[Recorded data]

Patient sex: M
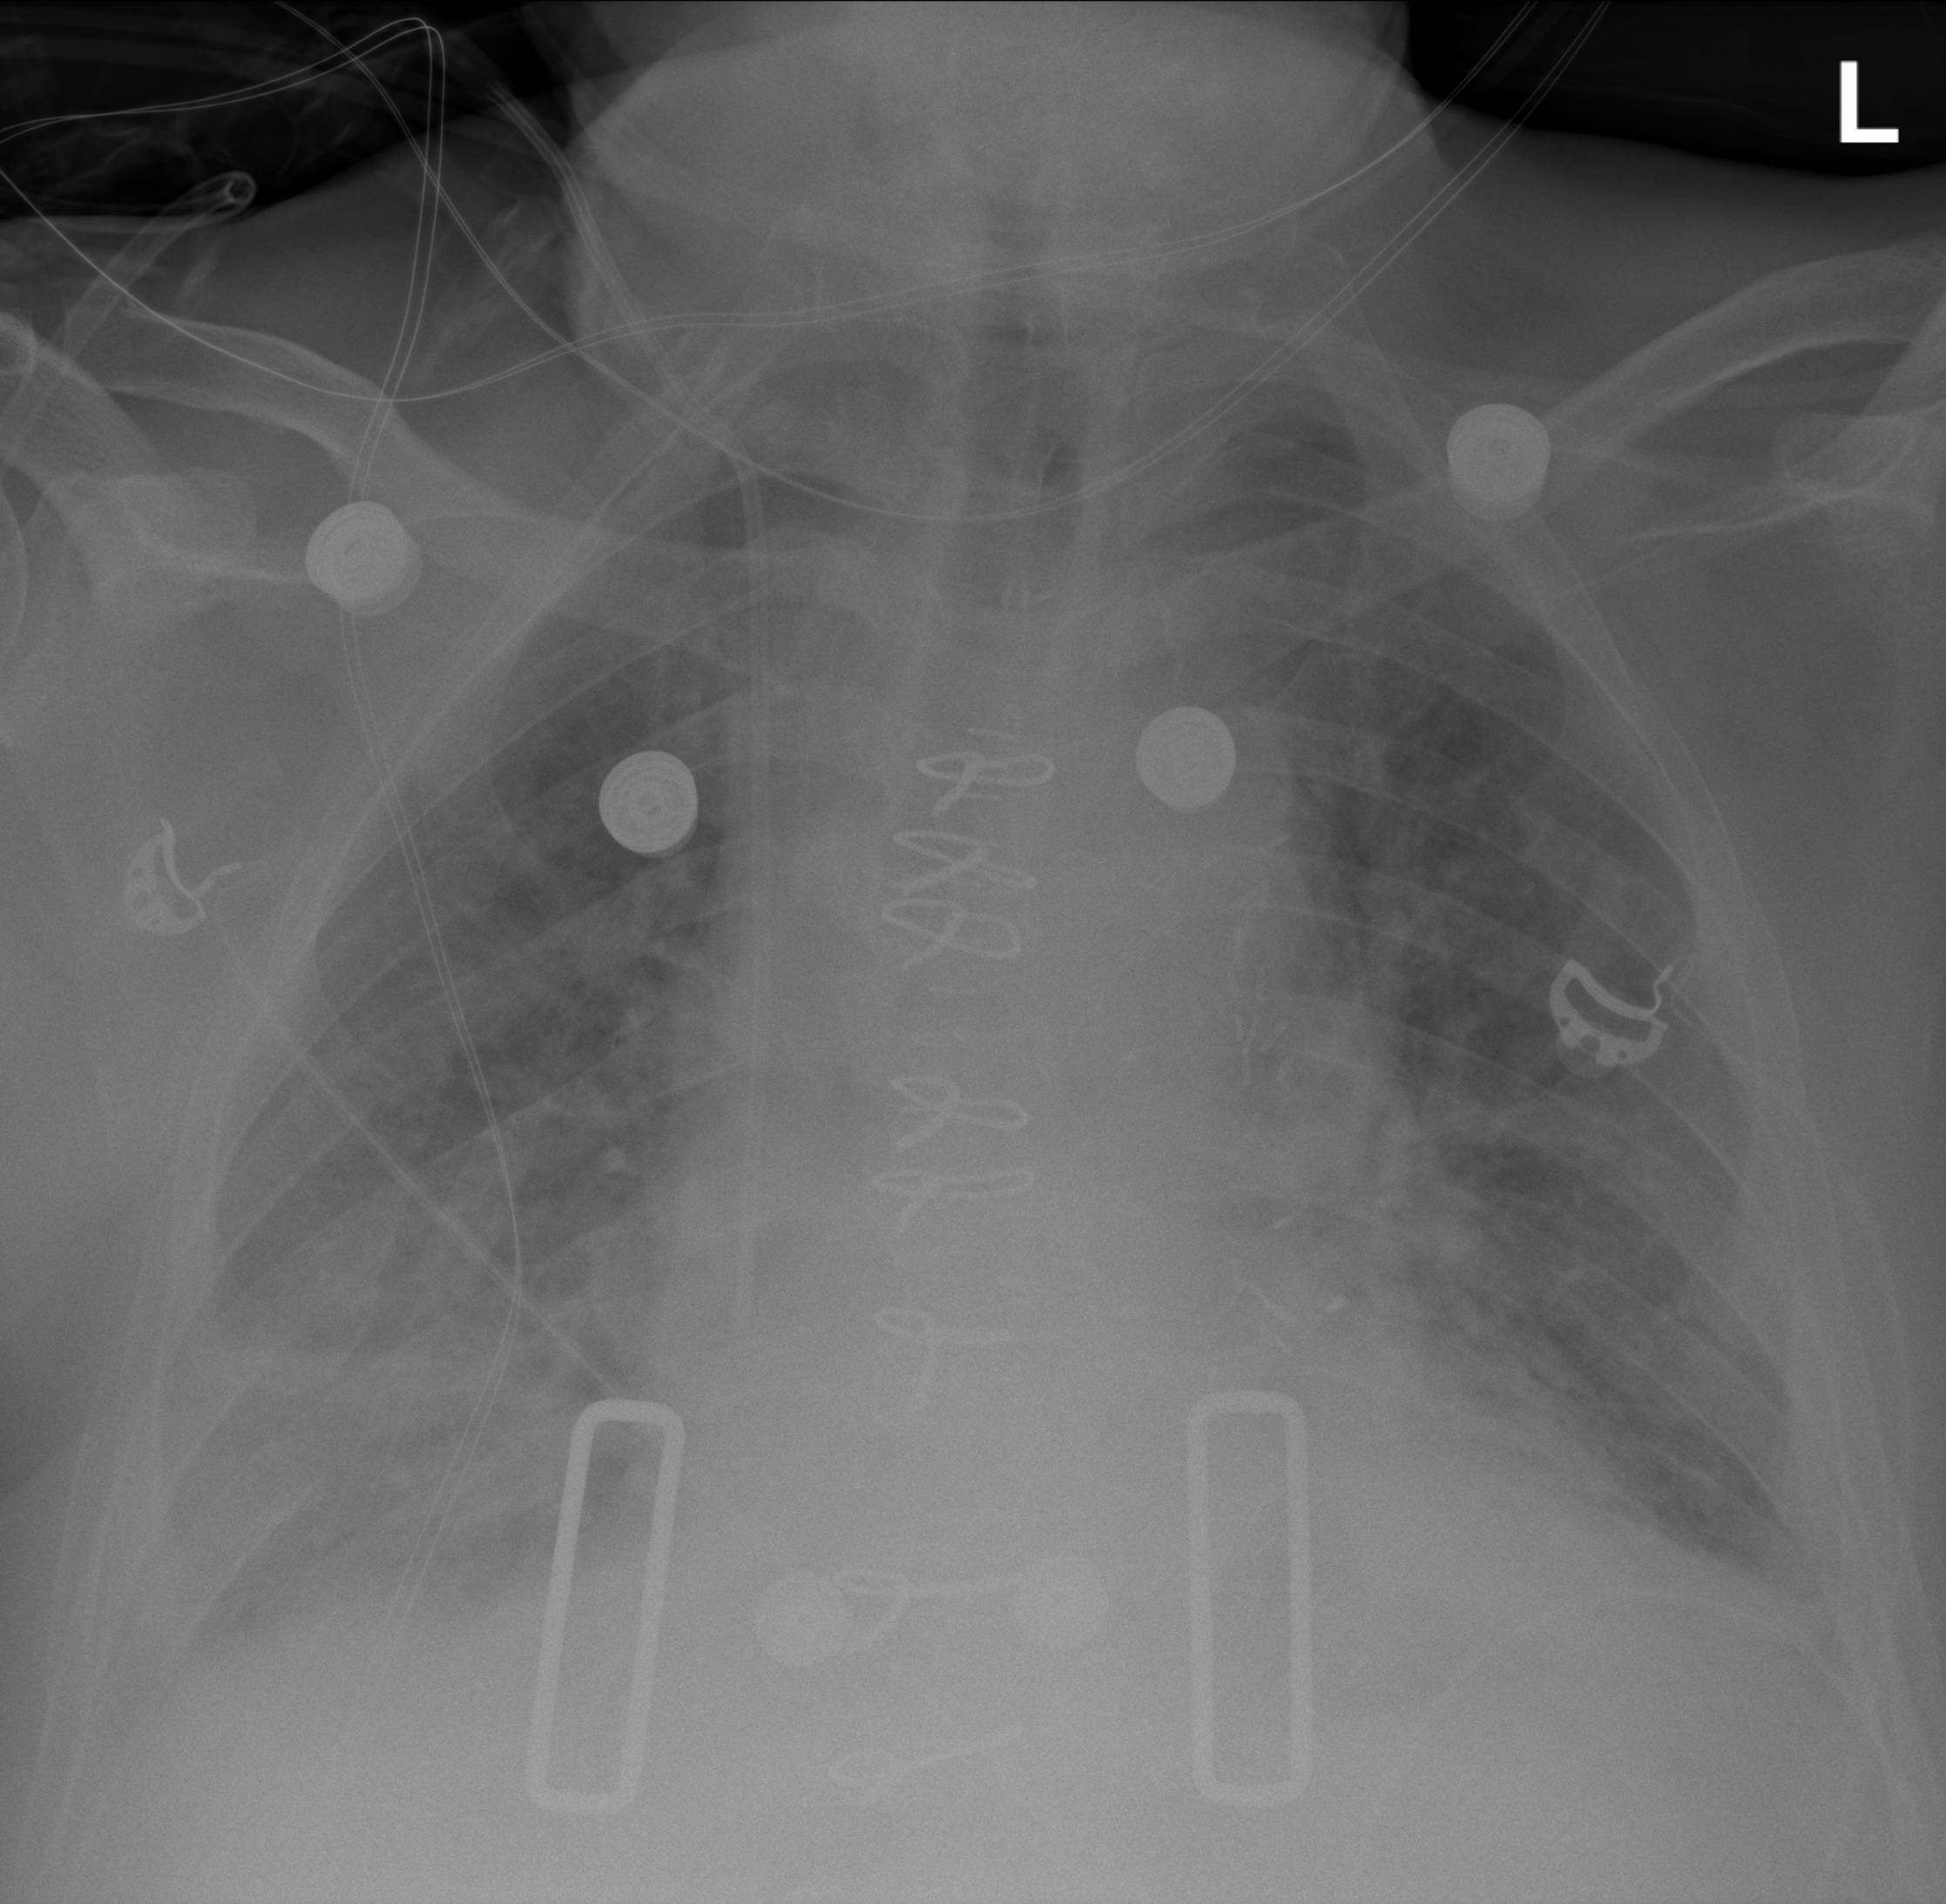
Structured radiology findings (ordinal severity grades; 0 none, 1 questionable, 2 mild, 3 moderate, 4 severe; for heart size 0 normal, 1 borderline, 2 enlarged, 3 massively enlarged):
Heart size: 2
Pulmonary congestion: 2
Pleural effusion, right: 2
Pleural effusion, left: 2
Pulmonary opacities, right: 1
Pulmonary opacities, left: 1
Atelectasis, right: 2
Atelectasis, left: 2
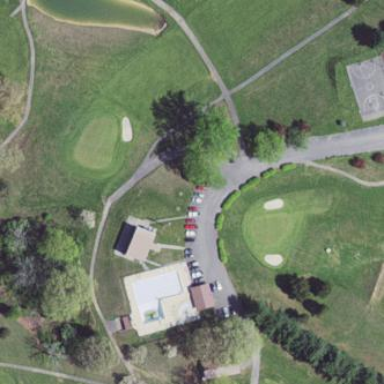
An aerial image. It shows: Grassy area designated as golf fairway.
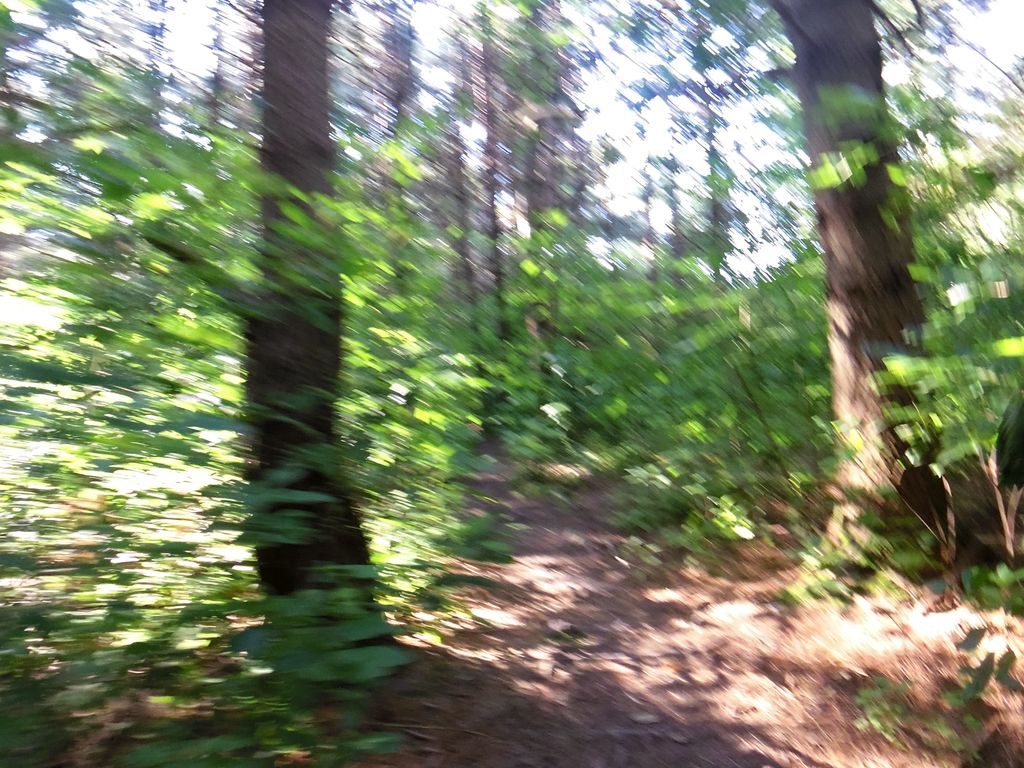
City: ottawa-gatineau
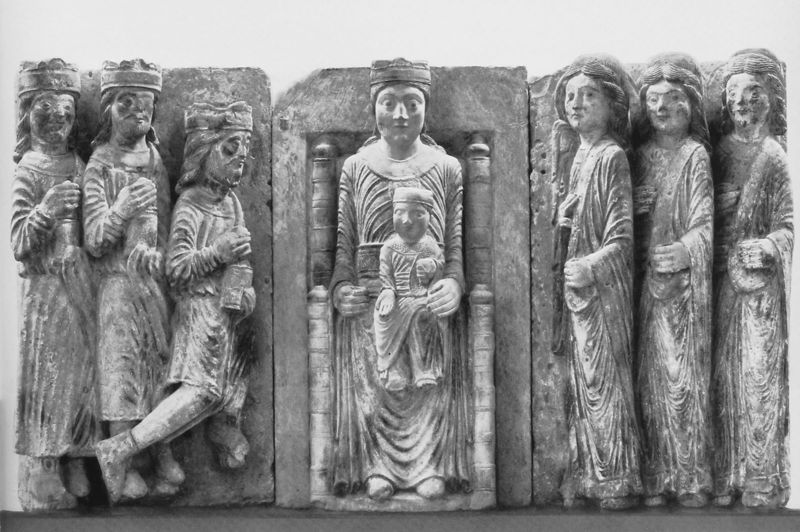
Titel: Thronende Muttergottes mit Engeln und den Heiligen Drei Königen
Standort: Oberpleis, St. Pankratius (EU - D - NRW)
Schlagwörter: menschen, frau, männer, bibel, stein, bild, figur, kind, engel, skulptur, relief, sitz, thron, bildhauerei, plastik, herrscher, altar, kaputt, gotisch, jesus, mittelalter, könige, herrscherin, königin, heilige, fresko, jünger, maria, madonna, biblisch, reliquie, tryptichon, romanisch, steinrelief, standrelief
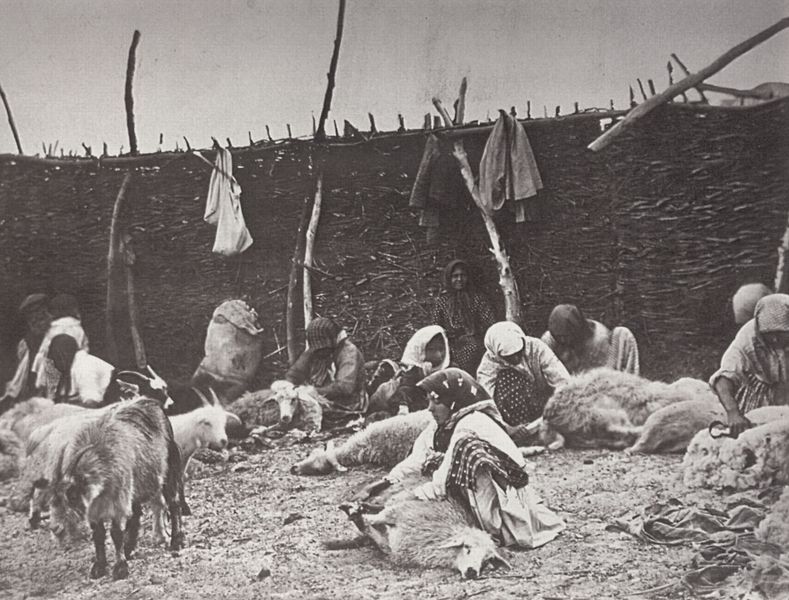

▶ **Task to complete**
Leaving out the pictures, please transcribe exactly the lines from the one that holds "Pulmonary opacities, right: 1" through the last line of the entries above, both included.

▶ **Solved problem**
Pulmonary opacities, right: 1
Pulmonary opacities, left: 1
Atelectasis, right: 2
Atelectasis, left: 2
An aerial image. It shows: Grassy area designated as golf fairway.
City: ottawa-gatineau
Titel: Thronende Muttergottes mit Engeln und den Heiligen Drei Königen
Standort: Oberpleis, St. Pankratius (EU - D - NRW)
Schlagwörter: menschen, frau, männer, bibel, stein, bild, figur, kind, engel, skulptur, relief, sitz, thron, bildhauerei, plastik, herrscher, altar, kaputt, gotisch, jesus, mittelalter, könige, herrscherin, königin, heilige, fresko, jünger, maria, madonna, biblisch, reliquie, tryptichon, romanisch, steinrelief, standrelief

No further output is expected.